Derways Automobile Company
- Native name: ООО Автомобильная компания «Дервэйс»
- Company type: PLC private company
- Industry: Automotive
- Founded: 2003; 23 years ago
- Headquarters: Cherkessk, Karachay-Cherkessia, Russia
- Products: Automobiles
- Number of employees: 3,000
- Parent: Merkuriy
- Website: derways.ru

= Derways Automobile Company =

Former Russian automaker

The Derways Automobile Company (ООО Автомобильная компания ДЕРВЕЙС, Avtomobil'naya kompaniya DERVEYS) was a Russian automaker located in Cherkessk, Karachay-Cherkessia. Founded in 2003, it was Russia's first private car manufacturer and a part of the Russian Mercury Group. Since June 2007, the company has been producing 100,000 units annually for the local market in a joint venture with the Chinese firms Lifan Group and Liaoning SG Automotive Group Co., Ltd. Derways' second plant was opened in the fall of 2009. The company employed around 3,000 workers.

==Name==
The name "Derways" is composed of two parts: "Der," derived from the surname of the founders (the Dereva brothers), and "ways," from the English word "roads."

==History==
- 2003 - Assembly of the prototype SUV Derways "Cowboy" (Derways 3131), which was first exhibited at the "Russian International Motor Show" in Moscow. The car was built on a Romanian ARO chassis, and later, Chinese chassis were used. The "Cowboy" passed all tests at the NAMI test site and received certification.
- 2004 - The opening of the plant and the start of mass production. By the end of the year, the plant reached a production level of 5,000 vehicles annually.
- 2006 - Production of the Derways "Cowboy" was suspended due to the bankruptcy of ARO. The company then began localizing Chinese cars, including the Derways-313120/313121 Shuttle (320 units produced), Derways-313150 Aurora (351 units produced), Derways-313130 Land Crown (a copy of the Toyota Land Cruiser 90, 33 units produced), and Derways-313140 Saladin (a copy of a Nissan model from Zhengzhou, 38 units produced).

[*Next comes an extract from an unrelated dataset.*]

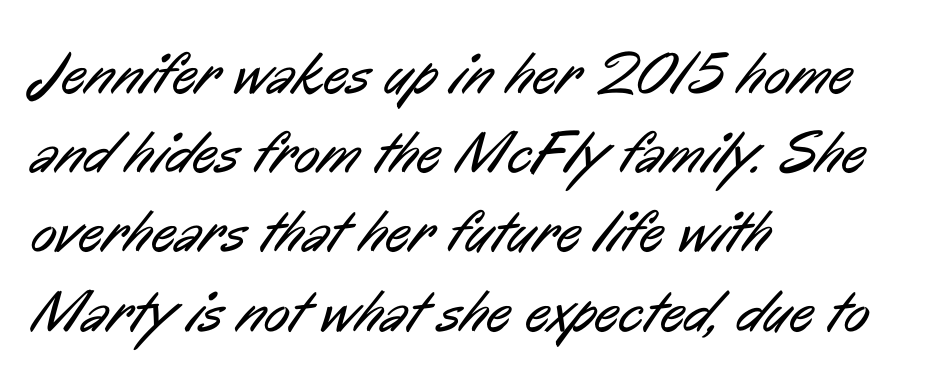
{"serif": "no", "bold": "no", "weight": "regular", "width": "condensed", "stroke_contrast": "low", "x_height": "medium", "monospaced": "no", "underline": "no", "align": "left", "line_spacing": "normal", "line_spacing_ratio": 1.32, "letter_spacing": "normal", "letter_spacing_em": 0.0, "glyph_px": 60}
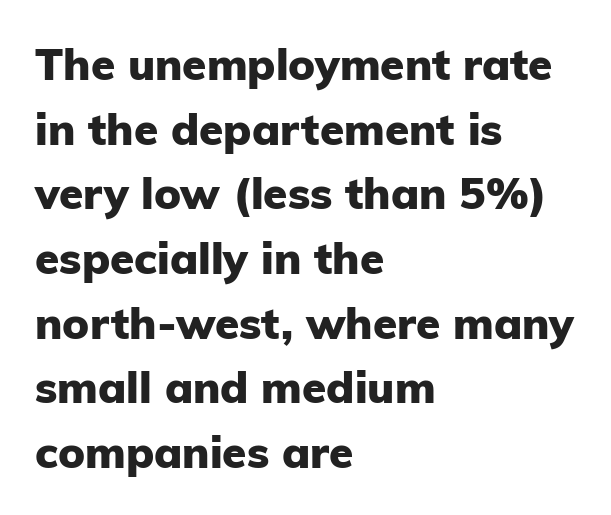
The glyphs have the mass of a bold cut. A normal amount of white space separates one row of letters from the next. These lines are rendered in a variable-pitch font. Short and long lines alike share a common starting point at left. The gap between lines stays unmarked.

A total of 788 cars were produced that year.
- 2007 - Production of the Derways-233300 Plutus pickup truck began, a copy of the Chevrolet Colorado. A trilateral agreement was signed with Lifan and the Avtomir group for assembling SKD kits, with plans to transition to a full SKD production of at least 25,000 vehicles per year starting in 2009. The plant also began assembling Lifan Breez cars.
- 2009 - Full-cycle production began, including welding, body painting, and complete assembly of Lifan-7131A/7161A Breez hatchbacks, carried out at the Derways-1 plant.
- 2010 - In the autumn, an additional production line with a capacity of 25,000 vehicles per year was launched. The production of Haima 3 cars, from the Chinese company Hainan Mazda, commenced. Plans were made to produce 900 Haima 3 sedans and hatchbacks by the end of the year.
- 2011 - The Haima 2, based on the Mazda 2, went into production at the beginning of the year.
- 2015 - Due to a decline in sales of Chinese cars, production was reduced by half.
- 2018 - The plant closed, and the equipment was dismantled.

==Owners==
In November 2010, 51% of the shares of the Circassian automobile plant Derways were transferred to Sberbank of Russia due to the company's high debt.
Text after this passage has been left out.